In any mathematical investigation of the dynamics of a system, the introduction of a
nonlinearity leads to some form of the Riccati equation:

dy/dt = a(t) + b(t)y + c(t)y^{2}

Because the Riccati equation does not lend itself to solution by the techniques that
produce solutions to linear differential equations typically the analysis is stalled.
Moreover because of the similarity of the Riccati equation to the equations analyzed
in Chaos Theory there is a presumption that further analysis will involve the concepts of
Chaos Theory. But there is a line of analysis of the Riccati equation that is relatively
simple.

The first important result in the analysis of the Riccati equation is that if one
solution is known then a whole family of solutions can be found.

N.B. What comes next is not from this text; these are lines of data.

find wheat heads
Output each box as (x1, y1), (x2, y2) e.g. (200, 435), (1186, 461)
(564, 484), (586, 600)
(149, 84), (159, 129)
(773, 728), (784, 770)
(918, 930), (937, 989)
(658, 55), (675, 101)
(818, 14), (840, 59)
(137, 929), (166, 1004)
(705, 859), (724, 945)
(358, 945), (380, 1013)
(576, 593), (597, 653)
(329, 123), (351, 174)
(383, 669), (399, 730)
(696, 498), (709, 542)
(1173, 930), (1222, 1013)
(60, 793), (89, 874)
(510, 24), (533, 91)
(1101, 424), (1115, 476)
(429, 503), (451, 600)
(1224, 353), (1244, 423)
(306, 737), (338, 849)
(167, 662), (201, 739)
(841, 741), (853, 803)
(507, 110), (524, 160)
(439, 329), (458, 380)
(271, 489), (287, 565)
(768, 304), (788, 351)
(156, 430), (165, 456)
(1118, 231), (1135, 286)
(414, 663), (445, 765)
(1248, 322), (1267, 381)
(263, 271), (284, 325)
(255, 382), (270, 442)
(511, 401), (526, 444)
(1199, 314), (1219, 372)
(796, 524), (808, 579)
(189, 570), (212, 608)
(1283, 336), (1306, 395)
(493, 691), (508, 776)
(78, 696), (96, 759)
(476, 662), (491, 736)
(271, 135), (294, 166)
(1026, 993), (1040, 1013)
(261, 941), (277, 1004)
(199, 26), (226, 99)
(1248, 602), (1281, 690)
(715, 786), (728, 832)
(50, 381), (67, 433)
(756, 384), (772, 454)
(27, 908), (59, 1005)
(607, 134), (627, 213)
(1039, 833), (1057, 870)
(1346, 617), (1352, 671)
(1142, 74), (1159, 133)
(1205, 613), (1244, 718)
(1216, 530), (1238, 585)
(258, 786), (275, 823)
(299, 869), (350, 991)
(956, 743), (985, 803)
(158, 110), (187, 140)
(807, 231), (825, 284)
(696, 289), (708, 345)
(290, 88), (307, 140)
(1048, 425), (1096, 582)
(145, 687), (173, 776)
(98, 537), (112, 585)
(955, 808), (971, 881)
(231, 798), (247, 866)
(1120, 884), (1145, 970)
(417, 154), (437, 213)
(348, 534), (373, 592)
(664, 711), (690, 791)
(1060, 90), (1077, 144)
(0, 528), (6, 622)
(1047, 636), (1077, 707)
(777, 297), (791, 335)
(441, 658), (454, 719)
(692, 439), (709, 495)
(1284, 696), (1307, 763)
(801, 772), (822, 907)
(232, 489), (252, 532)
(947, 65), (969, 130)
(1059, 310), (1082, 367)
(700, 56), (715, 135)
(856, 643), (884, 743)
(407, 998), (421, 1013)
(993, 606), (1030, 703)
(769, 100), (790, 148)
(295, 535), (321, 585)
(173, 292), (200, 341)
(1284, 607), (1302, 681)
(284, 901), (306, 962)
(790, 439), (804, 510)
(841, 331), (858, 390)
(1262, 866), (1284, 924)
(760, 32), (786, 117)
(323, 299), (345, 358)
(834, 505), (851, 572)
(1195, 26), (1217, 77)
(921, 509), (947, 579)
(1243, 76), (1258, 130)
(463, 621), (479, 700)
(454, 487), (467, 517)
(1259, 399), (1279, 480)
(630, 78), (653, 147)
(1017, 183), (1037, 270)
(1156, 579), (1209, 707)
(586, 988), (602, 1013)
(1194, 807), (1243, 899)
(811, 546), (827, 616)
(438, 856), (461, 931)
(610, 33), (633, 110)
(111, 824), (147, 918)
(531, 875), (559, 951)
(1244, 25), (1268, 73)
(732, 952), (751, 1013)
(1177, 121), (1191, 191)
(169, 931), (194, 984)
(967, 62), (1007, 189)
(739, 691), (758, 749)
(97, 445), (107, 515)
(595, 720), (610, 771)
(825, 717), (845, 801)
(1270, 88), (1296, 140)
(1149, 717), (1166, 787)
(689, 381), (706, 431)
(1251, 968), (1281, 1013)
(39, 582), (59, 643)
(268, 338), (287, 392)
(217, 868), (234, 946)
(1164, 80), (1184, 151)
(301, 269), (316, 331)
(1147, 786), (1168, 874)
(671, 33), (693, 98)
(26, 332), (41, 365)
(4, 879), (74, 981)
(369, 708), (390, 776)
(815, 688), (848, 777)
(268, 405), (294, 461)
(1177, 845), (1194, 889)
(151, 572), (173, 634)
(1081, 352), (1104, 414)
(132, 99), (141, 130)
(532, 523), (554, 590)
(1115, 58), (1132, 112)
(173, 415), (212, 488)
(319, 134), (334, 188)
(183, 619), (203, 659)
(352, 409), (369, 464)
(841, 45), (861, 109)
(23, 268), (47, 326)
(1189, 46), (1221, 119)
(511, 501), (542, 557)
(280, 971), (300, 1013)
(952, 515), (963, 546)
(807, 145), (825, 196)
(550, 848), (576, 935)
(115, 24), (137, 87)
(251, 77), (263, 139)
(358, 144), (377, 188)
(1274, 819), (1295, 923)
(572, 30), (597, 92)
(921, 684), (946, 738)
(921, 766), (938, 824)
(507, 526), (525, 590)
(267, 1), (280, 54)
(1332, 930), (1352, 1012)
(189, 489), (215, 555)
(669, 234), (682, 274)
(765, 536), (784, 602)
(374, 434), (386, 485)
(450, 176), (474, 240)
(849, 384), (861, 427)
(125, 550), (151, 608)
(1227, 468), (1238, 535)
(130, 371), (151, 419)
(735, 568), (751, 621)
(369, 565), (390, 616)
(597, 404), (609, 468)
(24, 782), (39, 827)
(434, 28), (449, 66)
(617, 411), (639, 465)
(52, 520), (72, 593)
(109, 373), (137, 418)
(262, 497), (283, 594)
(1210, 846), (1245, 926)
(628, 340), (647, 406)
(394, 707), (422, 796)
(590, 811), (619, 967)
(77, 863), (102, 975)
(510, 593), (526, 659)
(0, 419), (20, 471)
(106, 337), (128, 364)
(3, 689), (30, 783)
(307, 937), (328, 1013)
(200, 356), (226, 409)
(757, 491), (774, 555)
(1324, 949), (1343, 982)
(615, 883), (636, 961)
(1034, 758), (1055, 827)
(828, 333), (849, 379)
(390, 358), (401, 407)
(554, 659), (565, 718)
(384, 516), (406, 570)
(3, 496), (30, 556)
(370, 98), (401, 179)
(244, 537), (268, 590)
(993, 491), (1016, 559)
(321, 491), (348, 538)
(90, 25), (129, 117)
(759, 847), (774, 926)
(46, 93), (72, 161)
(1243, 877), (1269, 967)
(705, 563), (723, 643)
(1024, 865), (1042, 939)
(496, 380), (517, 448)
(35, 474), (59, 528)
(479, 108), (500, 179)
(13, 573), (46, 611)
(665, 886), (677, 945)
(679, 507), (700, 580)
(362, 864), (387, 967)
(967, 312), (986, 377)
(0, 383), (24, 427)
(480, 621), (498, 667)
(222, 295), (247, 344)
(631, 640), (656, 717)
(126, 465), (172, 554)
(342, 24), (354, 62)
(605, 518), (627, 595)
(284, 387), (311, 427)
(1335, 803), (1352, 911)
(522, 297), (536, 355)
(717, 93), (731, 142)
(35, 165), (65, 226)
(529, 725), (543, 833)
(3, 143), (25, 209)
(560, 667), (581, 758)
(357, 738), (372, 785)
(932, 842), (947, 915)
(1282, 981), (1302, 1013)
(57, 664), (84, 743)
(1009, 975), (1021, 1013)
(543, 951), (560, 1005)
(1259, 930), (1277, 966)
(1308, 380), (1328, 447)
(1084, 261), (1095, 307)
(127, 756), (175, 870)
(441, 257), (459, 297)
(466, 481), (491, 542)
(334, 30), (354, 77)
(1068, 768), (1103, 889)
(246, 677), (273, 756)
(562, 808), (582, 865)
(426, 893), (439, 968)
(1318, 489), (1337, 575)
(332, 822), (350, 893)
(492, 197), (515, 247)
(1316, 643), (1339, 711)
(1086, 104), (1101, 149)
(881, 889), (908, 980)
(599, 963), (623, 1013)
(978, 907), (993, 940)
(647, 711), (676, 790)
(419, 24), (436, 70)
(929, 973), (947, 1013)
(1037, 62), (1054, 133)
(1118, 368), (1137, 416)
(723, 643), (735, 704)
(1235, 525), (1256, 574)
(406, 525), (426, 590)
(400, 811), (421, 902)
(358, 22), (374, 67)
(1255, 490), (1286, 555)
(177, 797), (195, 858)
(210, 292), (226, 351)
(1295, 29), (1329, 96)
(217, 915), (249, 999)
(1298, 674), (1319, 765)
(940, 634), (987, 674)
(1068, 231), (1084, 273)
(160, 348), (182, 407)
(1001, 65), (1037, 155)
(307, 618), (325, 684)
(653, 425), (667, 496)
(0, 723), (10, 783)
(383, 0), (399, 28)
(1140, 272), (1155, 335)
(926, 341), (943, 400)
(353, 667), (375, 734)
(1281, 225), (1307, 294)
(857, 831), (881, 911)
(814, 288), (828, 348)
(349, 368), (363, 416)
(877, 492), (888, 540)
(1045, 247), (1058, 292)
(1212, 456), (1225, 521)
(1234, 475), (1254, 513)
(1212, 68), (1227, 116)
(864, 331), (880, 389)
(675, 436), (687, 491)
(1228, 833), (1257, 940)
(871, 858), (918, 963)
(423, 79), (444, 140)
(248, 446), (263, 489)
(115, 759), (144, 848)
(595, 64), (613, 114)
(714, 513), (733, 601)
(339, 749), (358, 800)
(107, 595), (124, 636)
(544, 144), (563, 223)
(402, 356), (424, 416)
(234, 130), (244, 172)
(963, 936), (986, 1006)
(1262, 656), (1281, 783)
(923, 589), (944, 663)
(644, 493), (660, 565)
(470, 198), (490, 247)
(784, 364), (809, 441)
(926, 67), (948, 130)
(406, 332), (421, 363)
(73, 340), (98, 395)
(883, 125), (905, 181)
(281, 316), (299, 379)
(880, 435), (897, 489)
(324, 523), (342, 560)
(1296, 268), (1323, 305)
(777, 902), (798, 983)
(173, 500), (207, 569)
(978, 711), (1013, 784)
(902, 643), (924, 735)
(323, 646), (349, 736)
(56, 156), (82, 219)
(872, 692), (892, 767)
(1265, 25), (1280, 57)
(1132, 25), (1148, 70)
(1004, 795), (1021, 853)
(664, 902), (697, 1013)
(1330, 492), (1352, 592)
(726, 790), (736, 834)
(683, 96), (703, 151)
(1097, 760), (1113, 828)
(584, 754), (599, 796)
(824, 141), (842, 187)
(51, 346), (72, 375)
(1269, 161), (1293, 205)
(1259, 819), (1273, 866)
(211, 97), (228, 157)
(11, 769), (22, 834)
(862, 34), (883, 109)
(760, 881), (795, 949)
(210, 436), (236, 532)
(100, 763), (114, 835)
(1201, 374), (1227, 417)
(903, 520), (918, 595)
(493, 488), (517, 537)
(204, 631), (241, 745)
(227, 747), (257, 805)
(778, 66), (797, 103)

Let x(t) be a solution to the Riccati equation and suppose z(t) is a function such
that

y(t) = x(t) + 1/z(t)

is a solution to the Riccati equation.
As is shown in Appendix I this requires that z(t) satisfy the linear differential
equation

dz/dt = -(b(t) + 2c(t)x(t))z - c(t)

This is an equation of the form

dz/dt = A(t)z - B(t)

which has a solution of

z(t) = e^{A(t)}[∫^{t}e^{-A(s)}B(s)ds + λ]

where λ is an arbitrary constant.
Thus the solutions for z(t) can be determined as a one-parameter family of functions and
hence the solutions to the Riccati equation can be expressed as a one-parameter family
of functions.

But it is usually the case that not even one solution of the Riccati equation is
known.

The second important result in the analysis of the solution of the Riccati equation
is that the general equation can be reduced to a simpler form by the substitution

w(t) = exp(∫^{t}c(s)ds)y(t)
which leads to the equation
dw/dt = p(t) + q(t)w^{2}

where p(t)=-a(t)exp(∫^{t}c(s)ds) and q(t)=-b(t)exp(-∫^{t}c(s)ds).

A substitution of -Q(t)w(t)=(dz/dt)/z reduces the previous equation to

d/dt[-(1/q(t))du/dt] - p(t)u(t) = 0

This second order differential equation may lend itself to solution more readily than
the previous forms of the Riccati equation.